*** MATERIAL SHOWN Section Begins ***

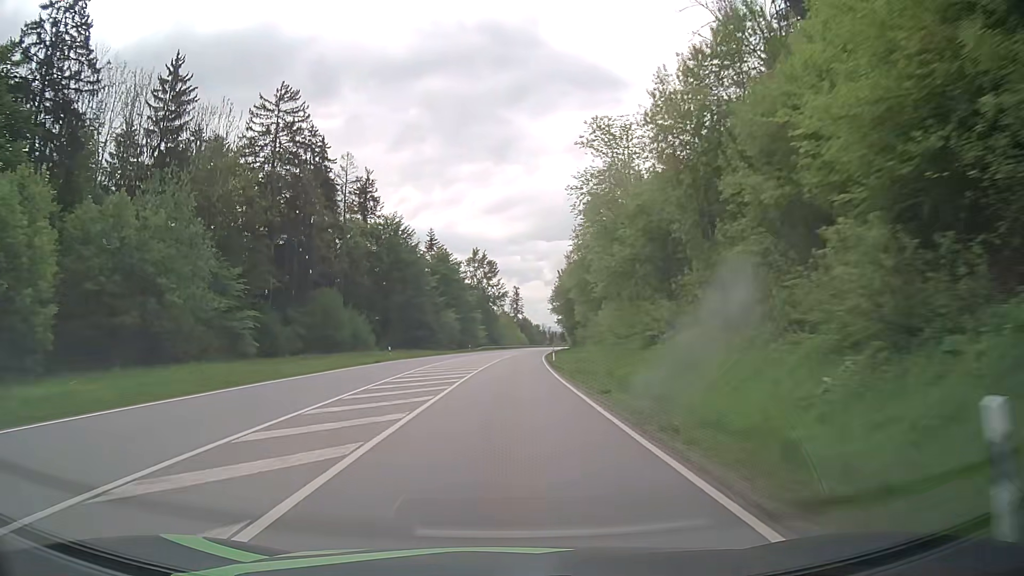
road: primary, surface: asphalt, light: Day
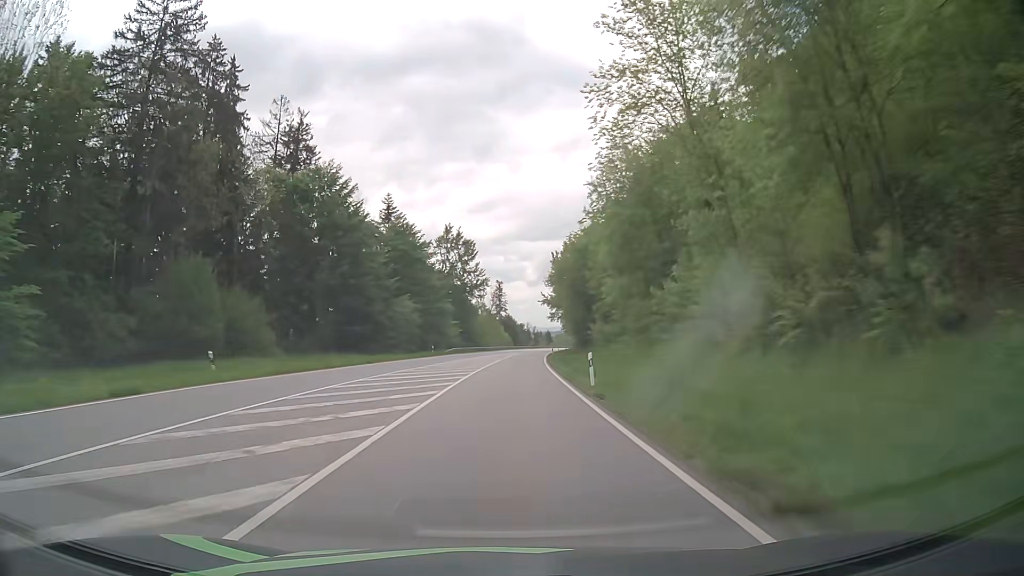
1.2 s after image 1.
(+0.5, +31.2) m; +2°
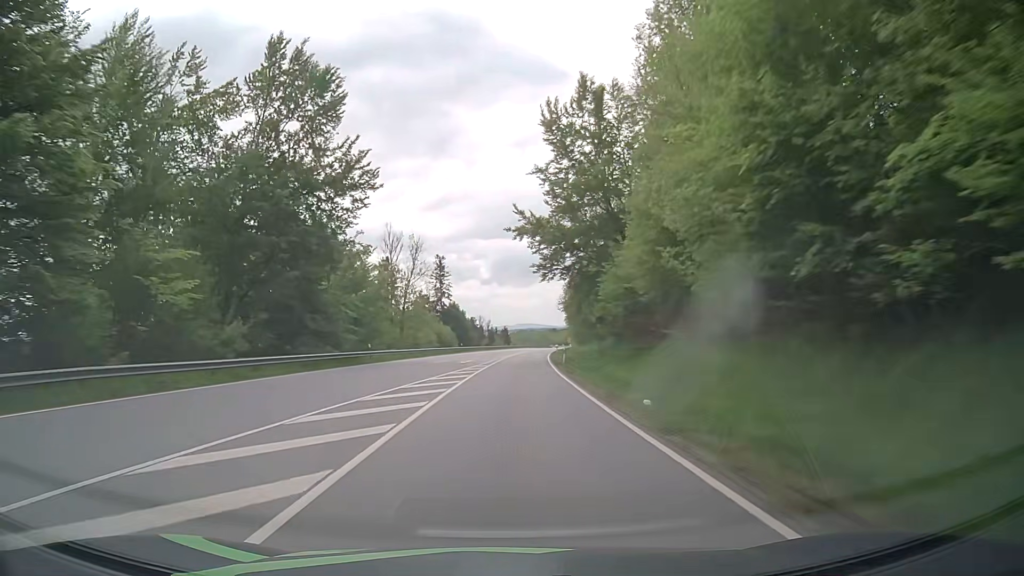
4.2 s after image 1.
(+2.5, +78.4) m; +4°
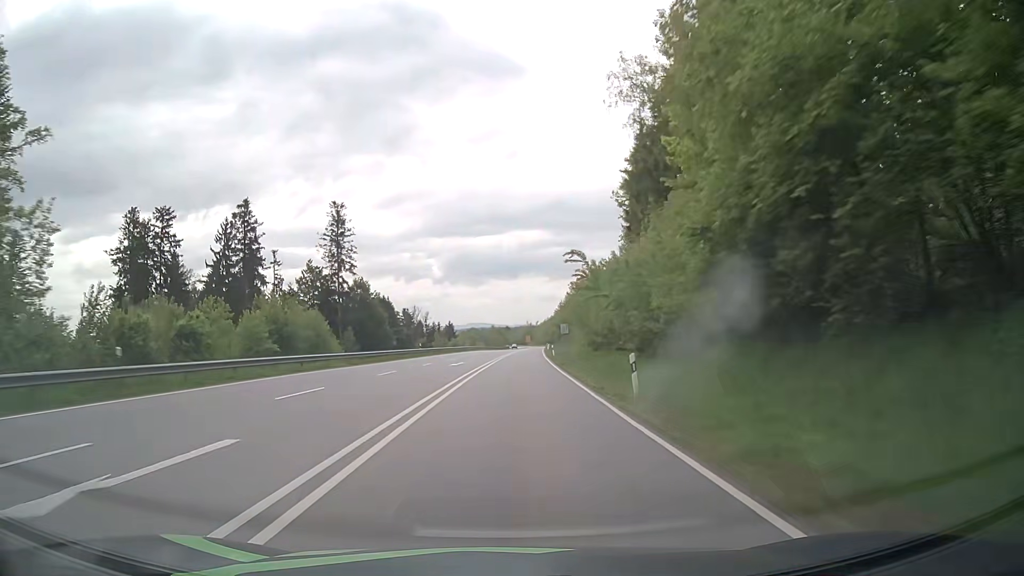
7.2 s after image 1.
(+3.0, +77.7) m; +4°
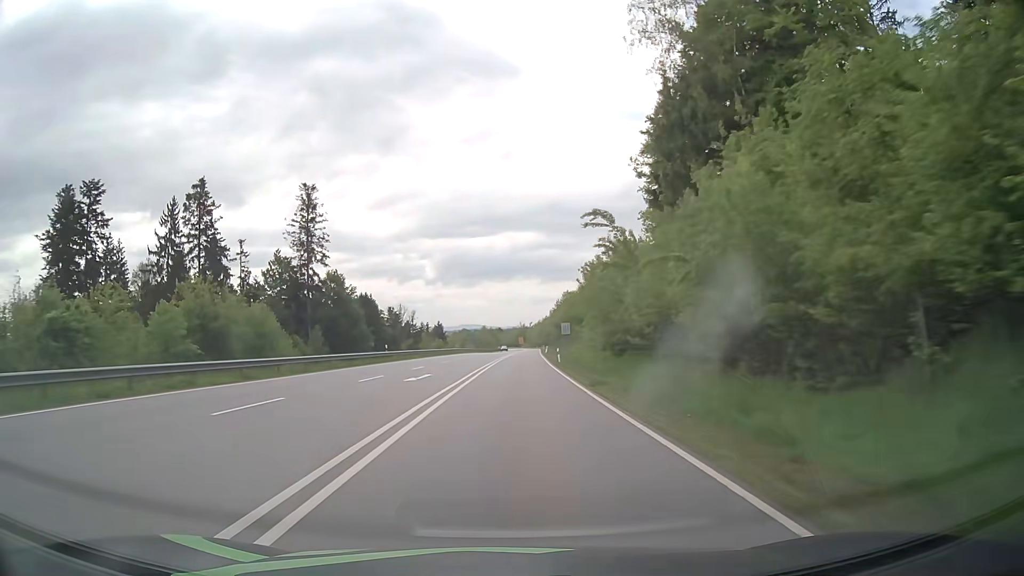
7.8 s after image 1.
(+0.1, +15.5) m; +1°
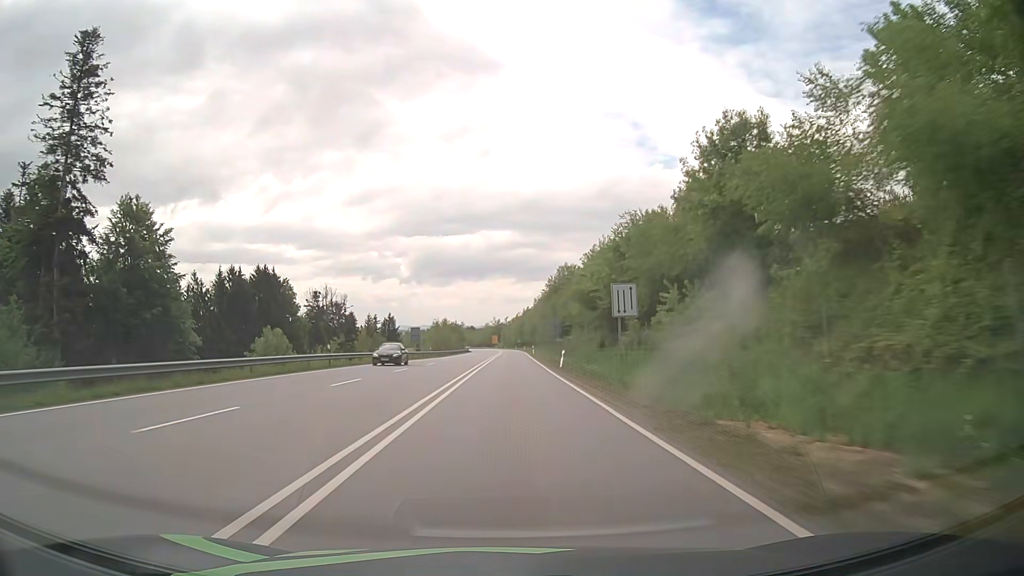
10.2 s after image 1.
(+1.5, +62.3) m; +3°
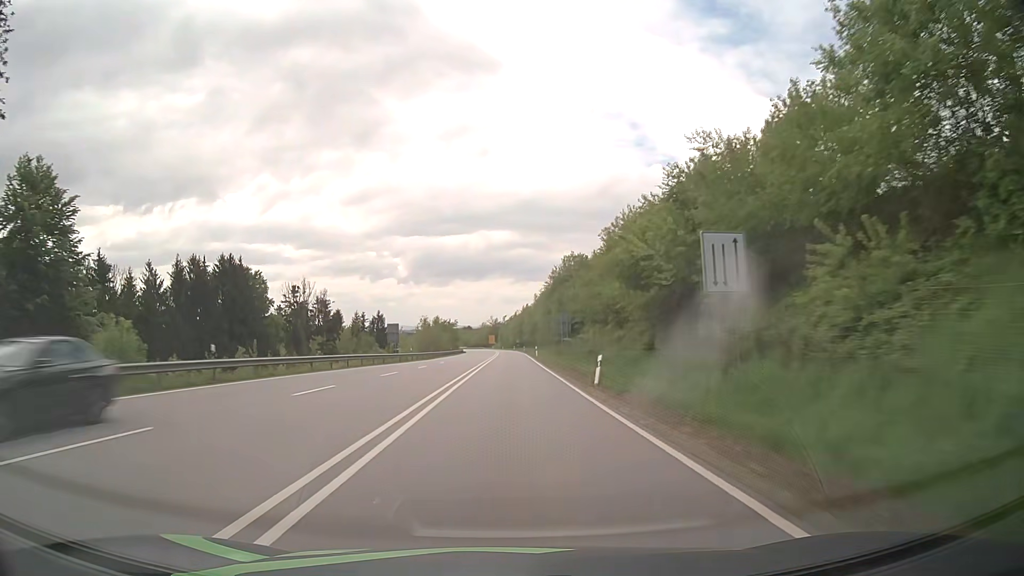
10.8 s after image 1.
(0.0, +15.7) m; 0°
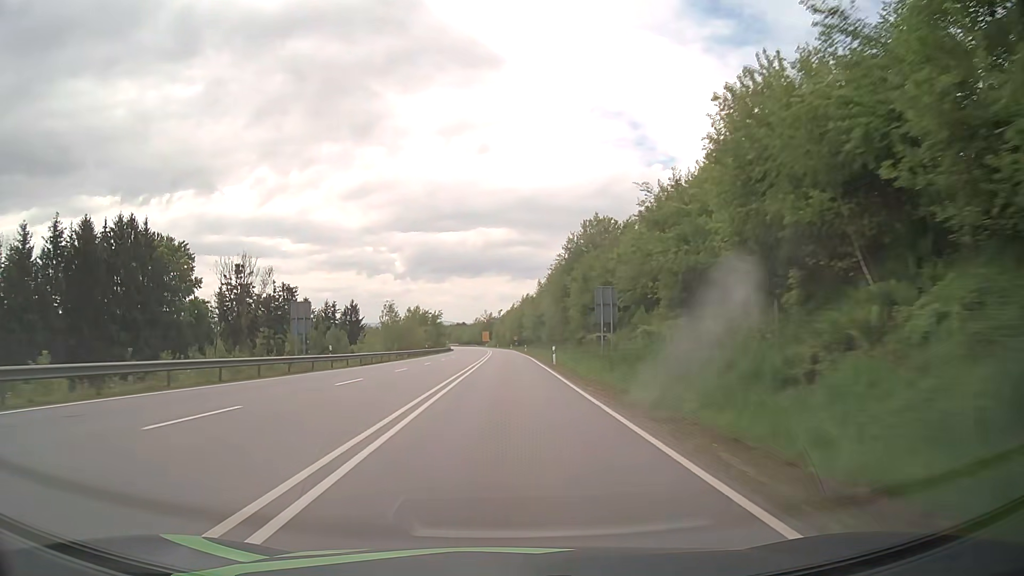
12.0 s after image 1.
(+0.1, +31.5) m; 0°
(0, +10) (0, +20) (0, +30) (0, +40) (0, +50) (0, +60) (0, +70) (0, +80) (0, +90) (0, +100) m

*** MATERIAL SHOWN Section Ends ***

§ YOUR INSTRUCTIONS
Repeat the records verbatim, excluding pictures.

§ ANSWER SPACE
road: primary, surface: asphalt, light: Day
1.2 s after image 1.
(+0.5, +31.2) m; +2°
4.2 s after image 1.
(+2.5, +78.4) m; +4°
7.2 s after image 1.
(+3.0, +77.7) m; +4°
7.8 s after image 1.
(+0.1, +15.5) m; +1°
10.2 s after image 1.
(+1.5, +62.3) m; +3°
10.8 s after image 1.
(0.0, +15.7) m; 0°
12.0 s after image 1.
(+0.1, +31.5) m; 0°
(0, +10) (0, +20) (0, +30) (0, +40) (0, +50) (0, +60) (0, +70) (0, +80) (0, +90) (0, +100) m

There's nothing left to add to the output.